Posted by Emily . on June 12, 2019


the image shows a child holding hands with an adult

Photo by Helmut Gevert from FreeImages

Intergenerational activities are a relatively new idea, yet incredibly effective. Introducing young children to spend time with care home residents is a therapy method that has proven highly popular in care homes across the country, both for the younger and older generations. Care homes have seen young and shy children brought out of their shell thanks to the interaction, whilst the residents are embracing their grand-parental natures and enjoying playtime with the youngsters.

Channel 4’s documentary Old People’s Home For Four Year Olds highlighted how important this intergenerational interaction is, with the children providing a break in the routine and reducing the risk of loneliness in older people. For children who may not interact as much with older adults, intergenerational activities help break the boundaries of age and encourage friendships with a larger age gap than usual.

There are multiple ideas perfect for intergenerational activities, especially in care homes. We’ve compiled our top five activities, which individuals of all generations are guaranteed to love.

Gardening is a fun and easy activity for individuals of all ages to enjoy. Planting colourful flowers and fragrant plants helps people with dementia to improve their senses, whilst getting some fresh air. Children will enjoy the straightforward routine of gardening, which is perfect for providing social interaction too. If any of your residents live with arthritis, try out our ergonomic gardening tools, which are designed to be used comfortably.

Music is a simple bonding method that also has therapeutic qualities. Listening to music encourages different generations to learn about each other’s music tastes, from classical and 1950s pop to current artists and nursery rhymes. This additionally encourages discussion and social interaction, which helps both generations to gain confidence when talking to each other. Music has also been proven to help individuals with dementia to recall things like song lyrics, whilst older music from their childhood helps with reminiscence.

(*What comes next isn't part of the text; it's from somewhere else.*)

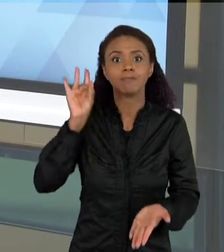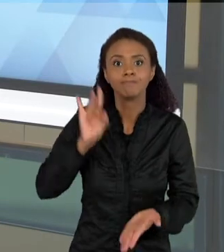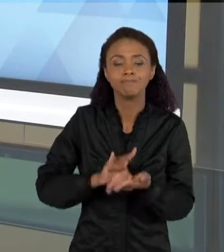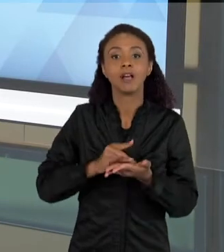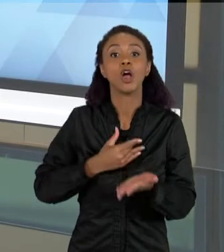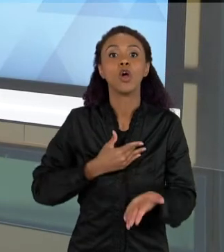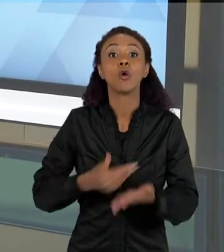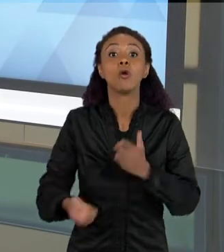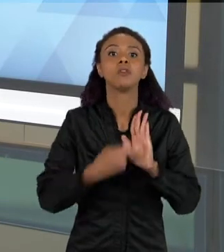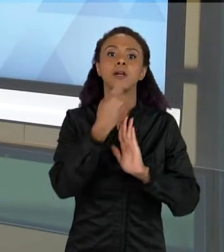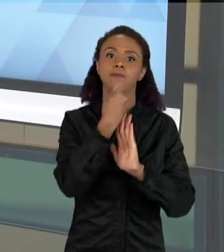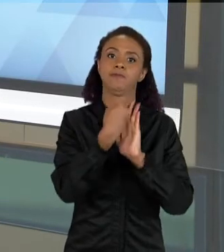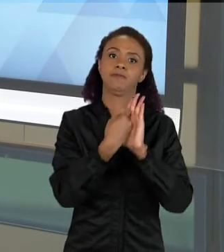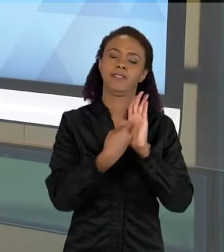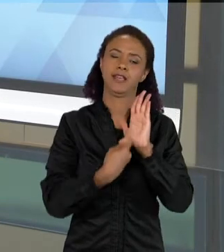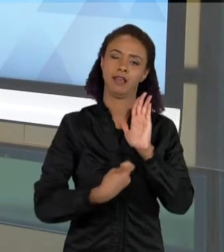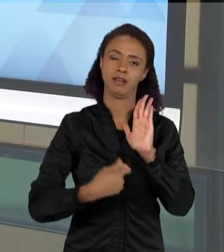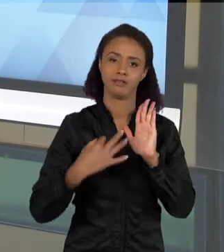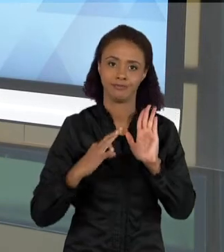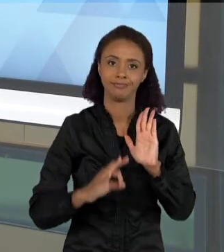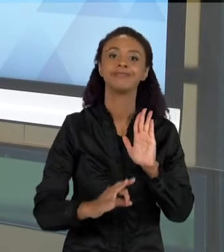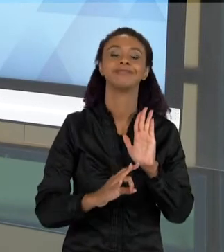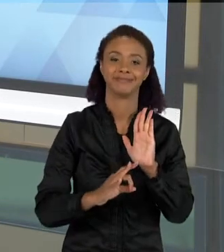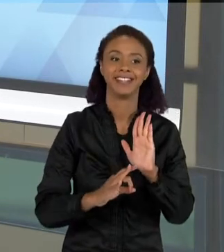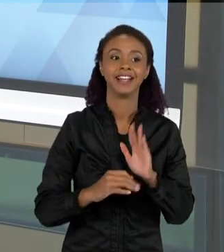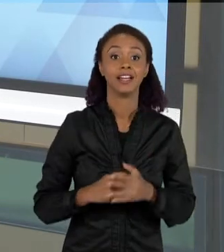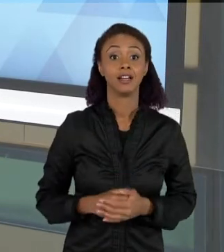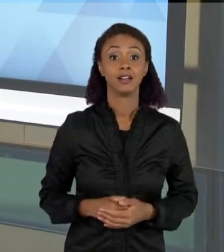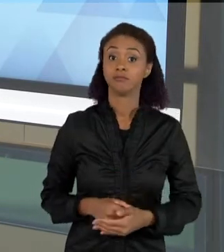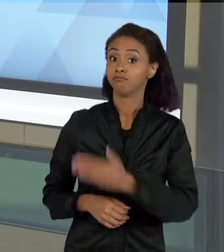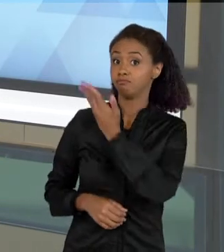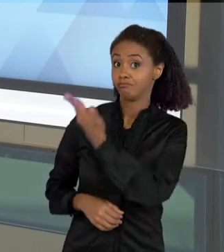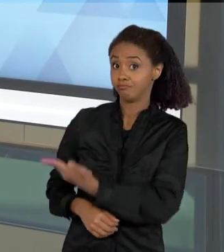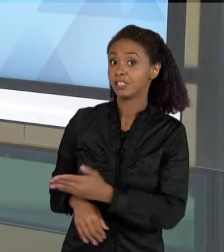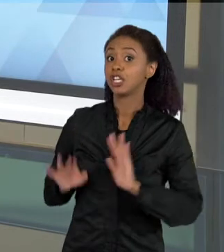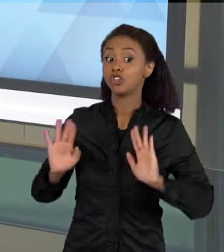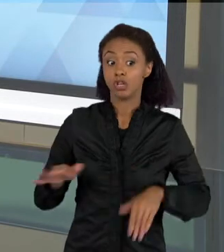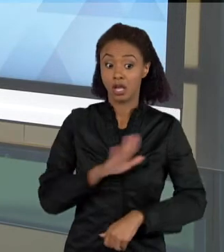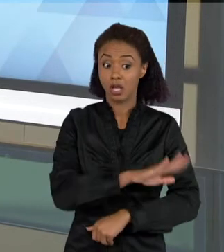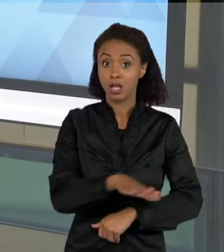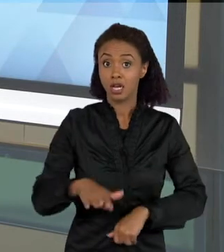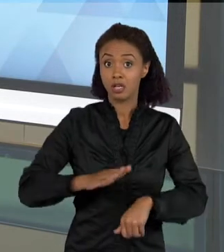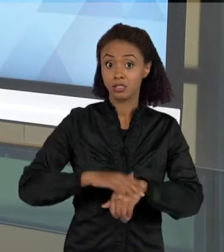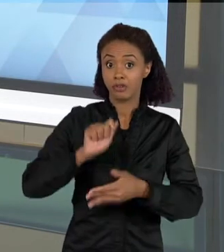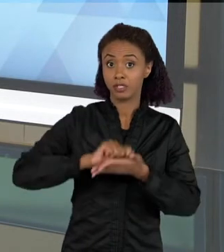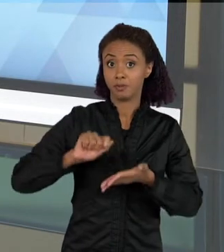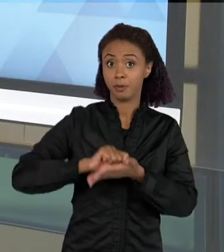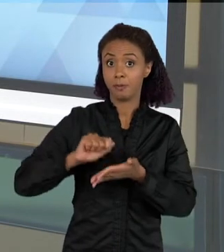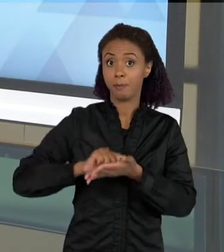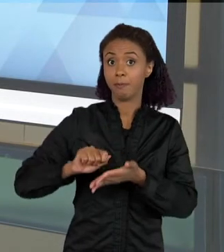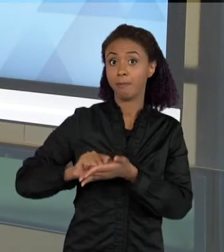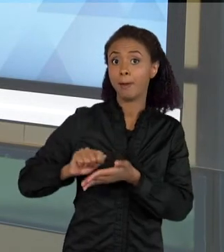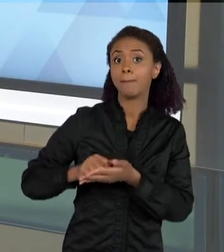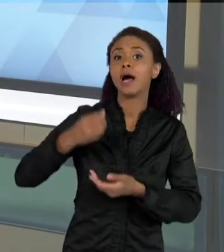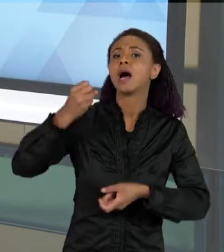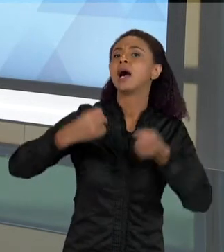TEXTO MAIS ELABORADO. ENTÃO AQUI JÁ É UM TEXTO EM QUE A CRIANÇA TRAZ ALGUMAS EXPLICAÇÕES UM POUCO MAIS APROFUNDADAS,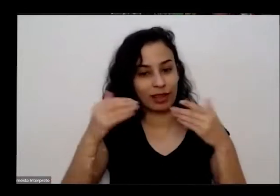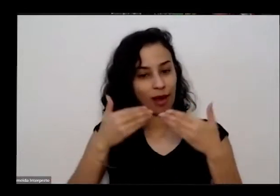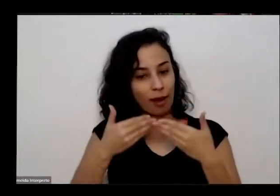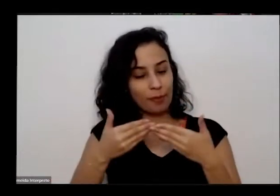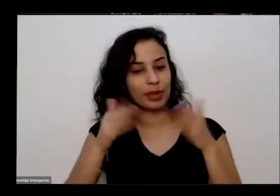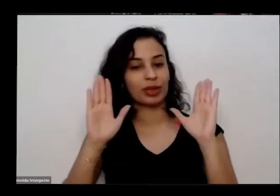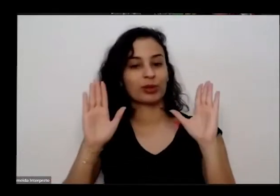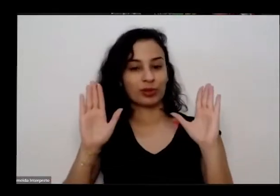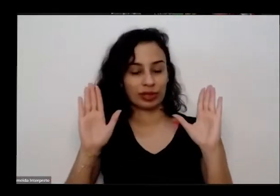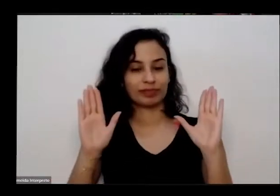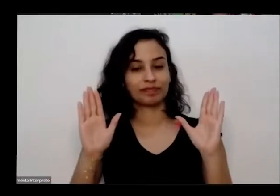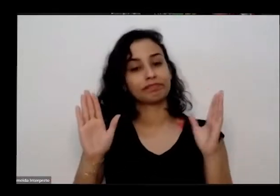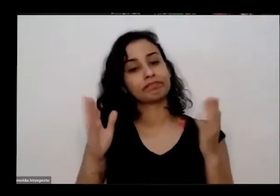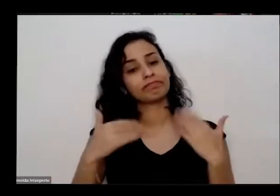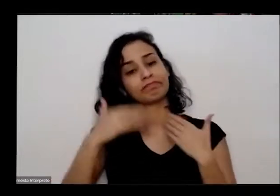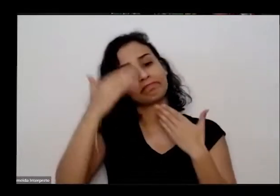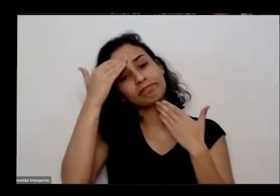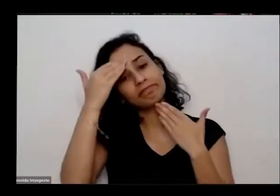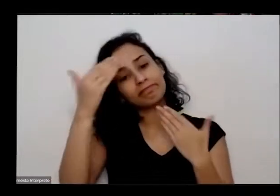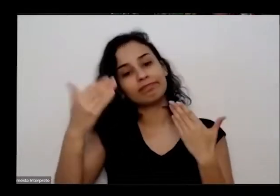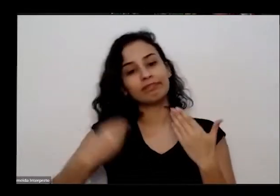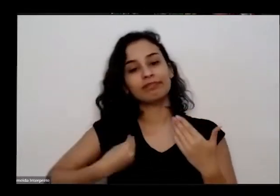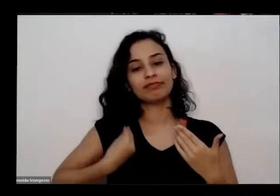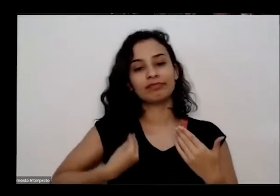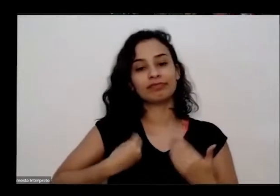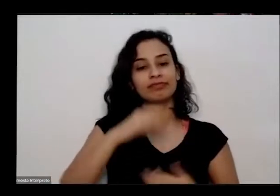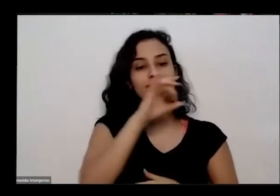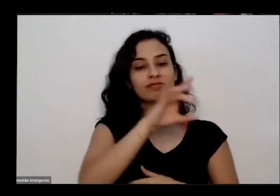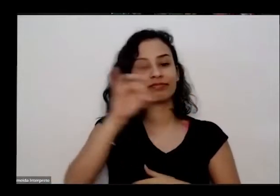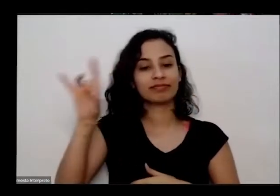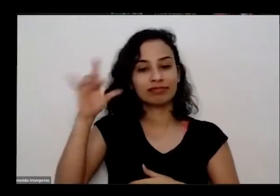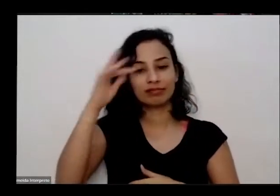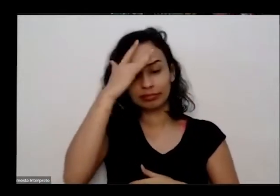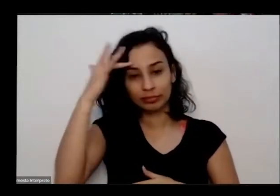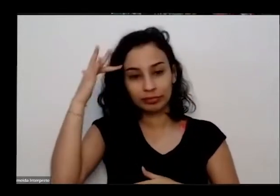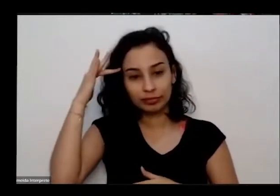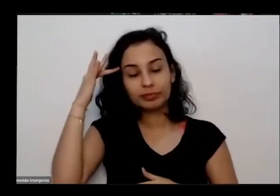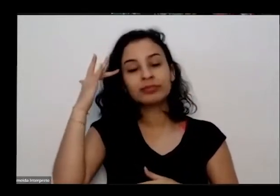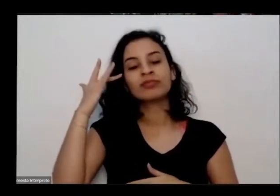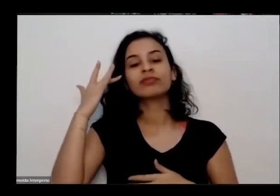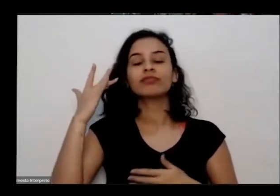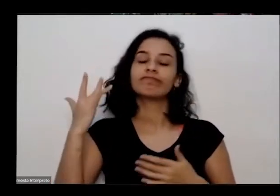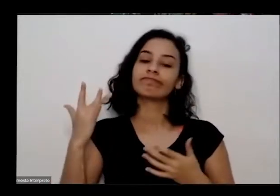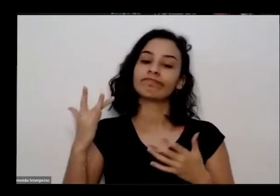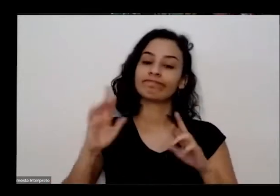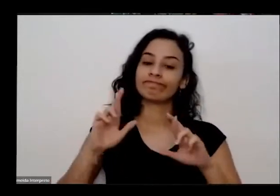agradeço a presença de cada pessoa que presente né que temos uma troca bem rica e fértil nesta

Arts and crafts projects are ideal for all generations to join in with, as you can make a number of fun items from baking to painting. When you’re choosing which arts and crafts to do, it’s a good idea to pick an activity that can be broken down into simple tasks that are easier for both your residents and visiting children to do. You could also theme your crafts to events and holidays, such as Christmas, Valentine’s Day or Bonfire Night, but always make sure to supervise everyone when using scissors or ovens.

Puzzles have been proven to help improve cognitive skills and increase focus, something which greatly benefits both younger and older individuals. Puzzles like jigsaws or ‘guess who’ games are ideal for teaching children how to play games and learn rules, whilst older individuals can exercise their brains and have fun working together to solve the puzzle. Additionally, puzzles can help to slow down dementia, as they help to improve memory, logic and reasoning. If you’re organising a jigsaw, it’s a good idea to choose one with large pieces, as they are easier to see and less of a choking hazard.

Colouring books are fun and therapeutic to use in intergenerational activities. Rather than use an adult colouring book which usually features quite intricate drawings, choose a book with simpler designs which will be easier for everyone to colour in. Coloured pencils are also easier and less messy to use than paints or pens, whilst everyone will love the bright and vivid hues. Colouring books are more suitable than just drawing, as it will guarantee neater results and is more straightforward.